Our interdisciplinary program is a place of vibrant learning where we challenge students to think critically about gender-related issues, to learn about the world through the lens of feminism and to become passionate about issues of social equality.

Since the late 20th century, feminist scholarship has explored the important, but sometimes hidden, ways that gender and gender inequality shape and are shaped by our cultural, social and personal worlds. More recent developments in the field recognize that these concerns are intricately connected with other dimensions of social power and identity, such as race, class, gender identity and sexual orientation.

Engaging courses taught by expert faculty from multiple disciplines as well as opportunities for internships and research allow our students to address the intersections of gender and other social variables through classroom and real-world settings.

The Feminist Film Series has been re-animated, with the support of programs of Women's and Gender Studies, American Ethnic Studies, and Film Studies, and the departments of History, Politics, Civic Communications and Media, and others to be announced.  

Wednesday, January 27 at 7pm, Sarah Polley (dir). "Stories We Tell"
McIntire Auditorium (Smullin B17)
Director Sarah Polley grew up teased by her siblings for not resembling her father. In "Stories We Tell," she investigates family secrets and stories, exploring the dynamics of memory, narrative, and documentary film in the process. Post-film discussion facilitated by Professor Leslie Dunlap.

Friday, February 12, 3:30pm, Ford Theater
Professor Maegan Parker Brooks (Civic Communications and Media) will present a screening of "This Little Light of Mine: The Legacy of Fannie Lou Hamer ,"(2015), and share clips from a forthcoming documentary, "Fannie," based on Brooks's book on Hamer and relationship with Hamer's family.  

Friday, March 11, 3:30 pm, Ford Theater
National Film Critics Society critic Rob Nelson will screen selected works of Academy Award-winning documentary-maker Barbara Kopple, comparing her early films on militant strikes to her newer work on celebrities, including Mariel Hemingway, and most recently soul performer Miss Sharon Jones.  Is Kopple's focus on the wealthy and celebrities an extension of, or departure from, her earlier radical commitments?  (Nelson will also speak to the recent surge of interest in documentary at the Sundance Film Festival where he is in attendance, and his own work as a film critic, juror, and curator of documentary festivals).  

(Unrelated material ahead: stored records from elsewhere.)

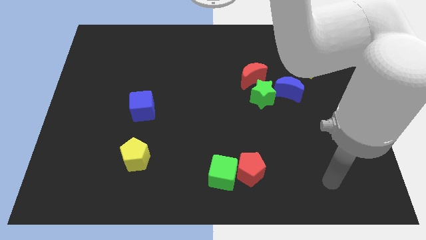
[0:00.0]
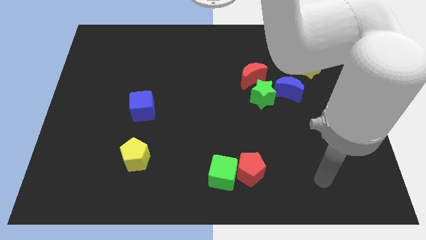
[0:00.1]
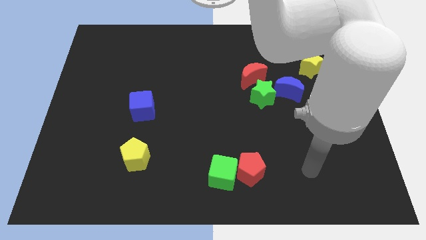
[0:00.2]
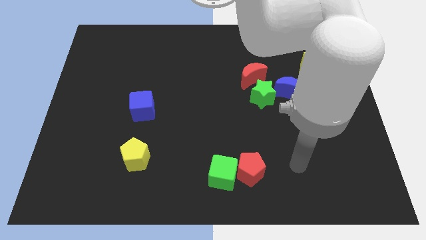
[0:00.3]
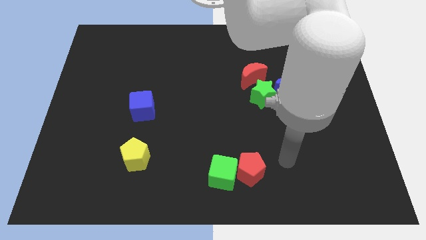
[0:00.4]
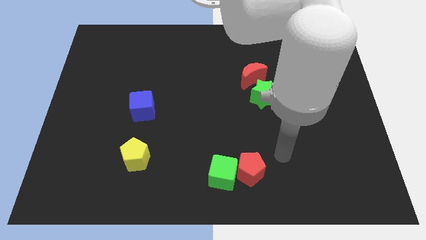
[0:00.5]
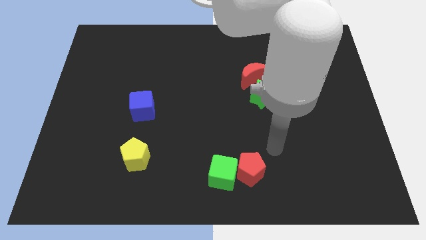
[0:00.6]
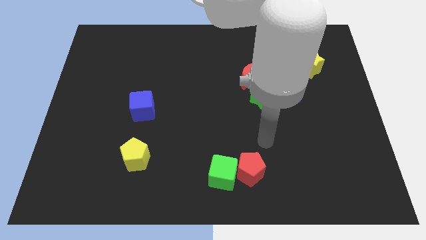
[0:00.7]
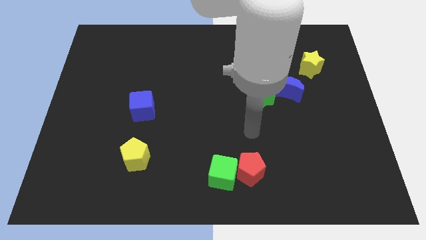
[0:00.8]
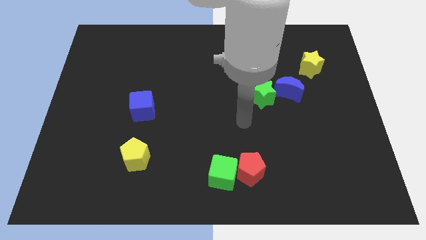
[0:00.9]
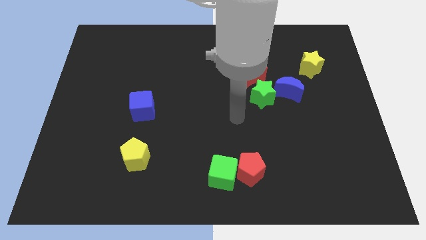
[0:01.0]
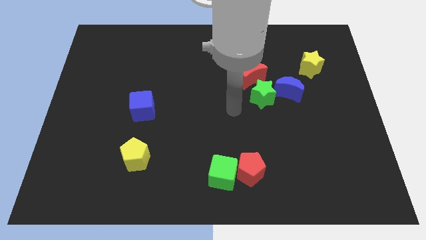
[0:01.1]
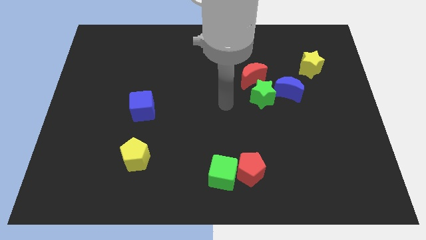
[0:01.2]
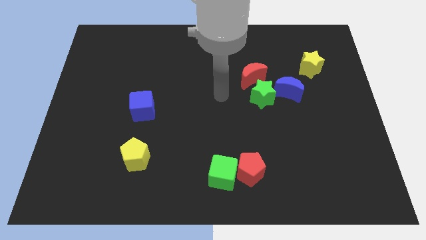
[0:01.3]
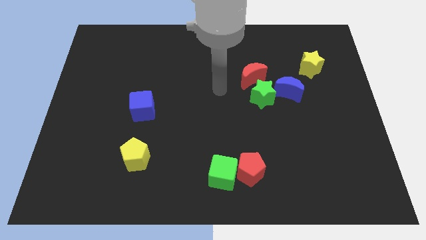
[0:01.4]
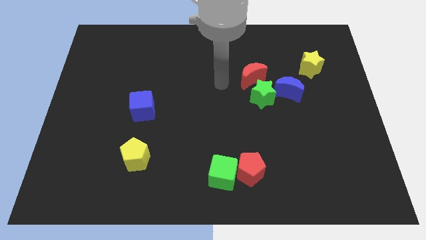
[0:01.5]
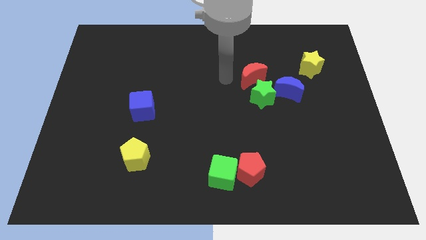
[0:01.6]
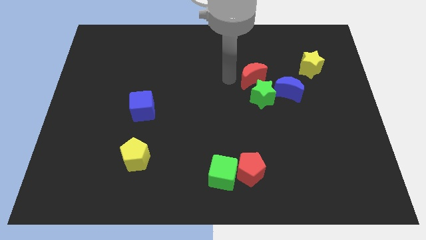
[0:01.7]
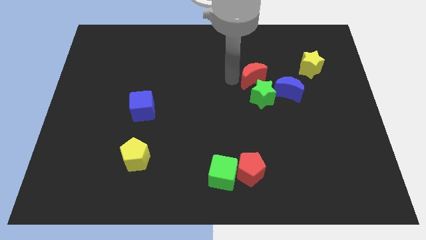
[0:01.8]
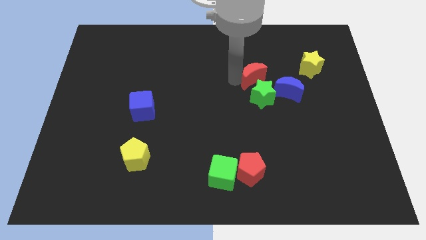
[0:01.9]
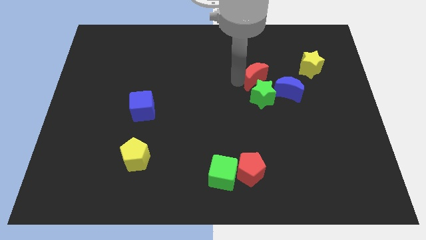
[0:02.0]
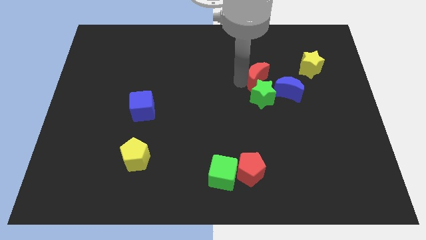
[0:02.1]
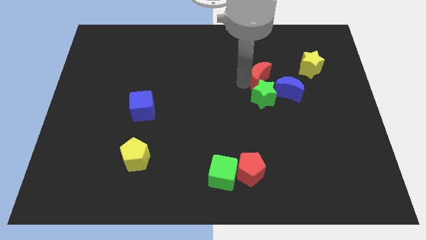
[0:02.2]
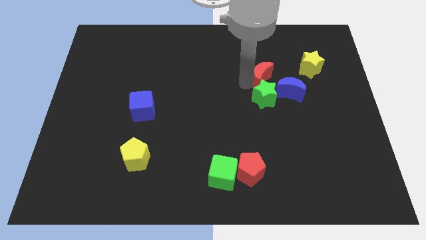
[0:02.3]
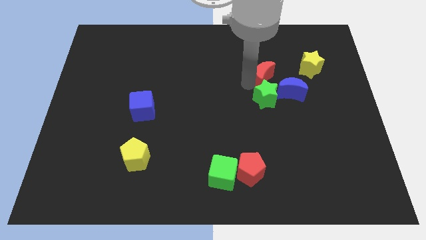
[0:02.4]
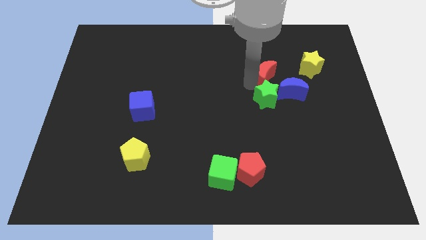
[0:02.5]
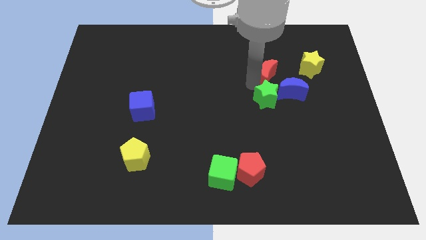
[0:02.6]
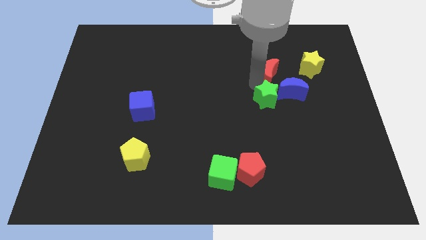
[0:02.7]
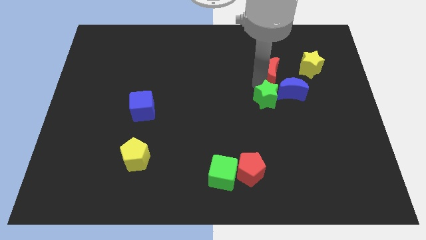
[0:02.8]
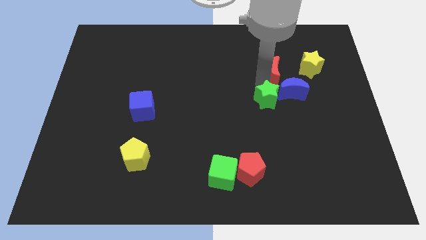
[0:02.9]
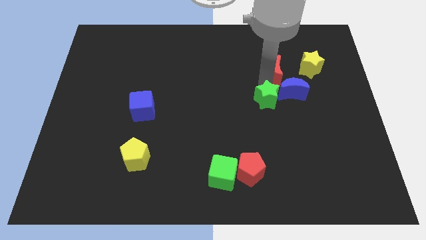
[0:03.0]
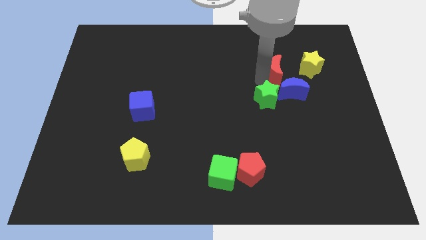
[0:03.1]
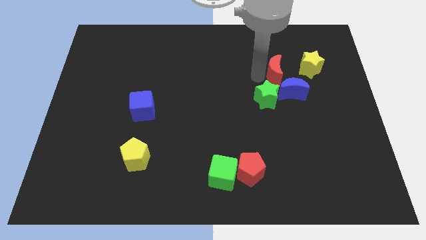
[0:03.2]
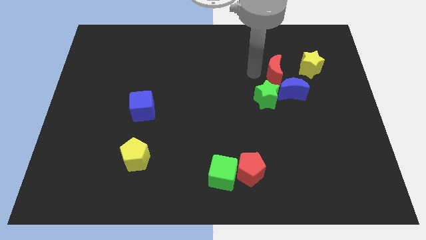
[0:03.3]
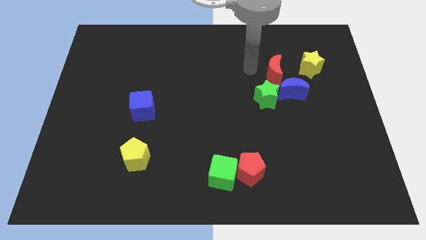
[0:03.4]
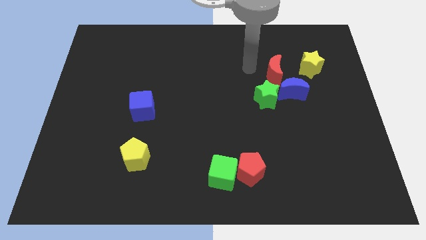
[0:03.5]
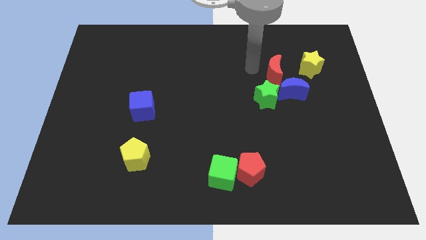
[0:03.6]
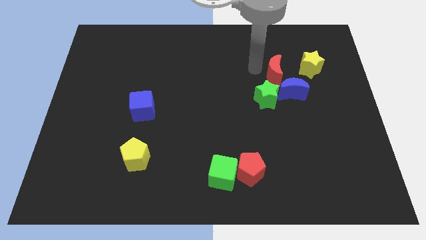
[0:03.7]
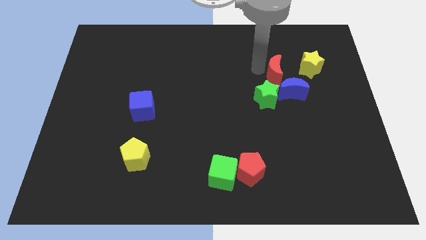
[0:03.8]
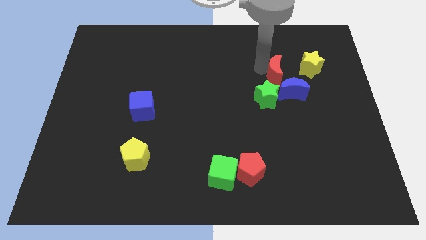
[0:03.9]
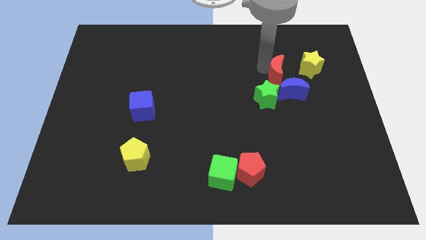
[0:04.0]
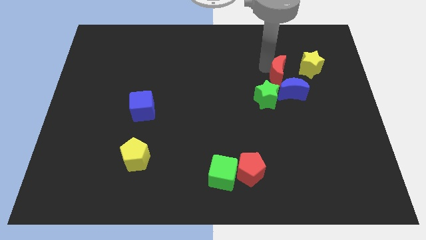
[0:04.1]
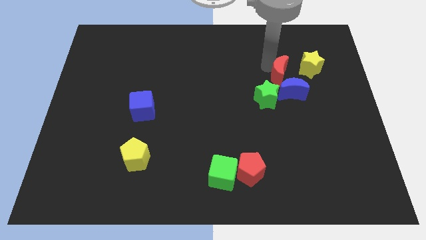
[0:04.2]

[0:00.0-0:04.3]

Friday, April 1, 7:00 pm, Ford Theater
Director Melissa Lowery will screen and discuss her documentary "Black Girl in Suburbia" (2015), which documents her experience growing up in West Linn outside of Portland.  Lowery will also discuss her trajectory from Pacific University Media Studies and Sociology major to filmmaker.  Refreshments will be served.

There will be two additional screenings in April.